After some investigation, I found it was used to load several records at once, at the expense of memory. So, just to test out, I changed it to 1 and, surprise... The same application was now taking up +- 150MB! What a change for something misunderstood!
But I was not satisfied, and decided to try another JPA provider. From some researches, I decided to go with EclipseLink. Result? The same application now starts up (after a garbage collection) with +- 35 MB!!!
Ok, what a huge difference! But performance should be worst, shouldn't it? No!!! On the load tests I did, EclipseLink was actually 2.5x faster than Hibernate!
There were some bumps, several queries were done with some non-standard (from JPA's point of view) elements, and so on. But they all could be resolved, one at a time.

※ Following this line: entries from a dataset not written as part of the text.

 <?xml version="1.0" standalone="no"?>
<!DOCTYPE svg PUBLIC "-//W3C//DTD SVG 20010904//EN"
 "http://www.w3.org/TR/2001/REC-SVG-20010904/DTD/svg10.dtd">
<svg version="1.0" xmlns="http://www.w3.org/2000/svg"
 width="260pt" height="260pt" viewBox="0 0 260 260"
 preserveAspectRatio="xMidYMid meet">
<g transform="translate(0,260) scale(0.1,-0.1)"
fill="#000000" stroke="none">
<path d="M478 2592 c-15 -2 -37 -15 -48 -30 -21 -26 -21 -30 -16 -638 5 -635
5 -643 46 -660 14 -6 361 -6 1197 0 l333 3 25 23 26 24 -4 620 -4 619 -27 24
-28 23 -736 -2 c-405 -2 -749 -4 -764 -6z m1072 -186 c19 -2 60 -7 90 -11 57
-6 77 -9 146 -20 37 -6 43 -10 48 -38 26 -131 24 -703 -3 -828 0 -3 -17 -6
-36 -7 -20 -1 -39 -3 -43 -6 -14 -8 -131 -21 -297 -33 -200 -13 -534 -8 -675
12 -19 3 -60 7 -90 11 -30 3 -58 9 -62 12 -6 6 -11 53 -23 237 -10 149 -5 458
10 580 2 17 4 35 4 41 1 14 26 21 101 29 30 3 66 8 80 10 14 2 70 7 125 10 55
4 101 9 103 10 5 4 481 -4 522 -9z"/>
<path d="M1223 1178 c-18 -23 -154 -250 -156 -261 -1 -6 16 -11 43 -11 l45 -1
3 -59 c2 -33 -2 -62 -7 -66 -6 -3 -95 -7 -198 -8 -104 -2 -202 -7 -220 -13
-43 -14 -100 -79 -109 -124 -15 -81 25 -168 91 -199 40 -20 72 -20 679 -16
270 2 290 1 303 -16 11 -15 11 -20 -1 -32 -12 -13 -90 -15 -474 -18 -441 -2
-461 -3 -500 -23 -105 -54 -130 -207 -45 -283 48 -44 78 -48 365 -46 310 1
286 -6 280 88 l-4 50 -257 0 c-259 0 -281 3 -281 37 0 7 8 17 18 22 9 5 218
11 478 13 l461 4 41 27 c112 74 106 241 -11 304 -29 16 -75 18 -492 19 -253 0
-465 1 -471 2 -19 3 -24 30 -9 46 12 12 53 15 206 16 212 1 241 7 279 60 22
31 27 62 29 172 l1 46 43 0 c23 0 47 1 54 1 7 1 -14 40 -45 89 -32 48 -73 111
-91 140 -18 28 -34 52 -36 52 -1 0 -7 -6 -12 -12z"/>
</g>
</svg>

Conclusion: After being a loyal Hibernate user for several years (well, not that loyal, as some projects I did with plain JDBC using Querydsl SQL module), I'll now try to avoid it as much as possible, and use EclipseLink instead. Even a future possibility is Batoo JPA, which claims to be 15-20x faster than Hibernate. However, as it cannot be used with Spring's LocalContainerEntityManagerFactoryBean (at least for now, as it requires a persistence.xml, and I like bootstrapping things programmatically), I'll stick with EclipseLink for now.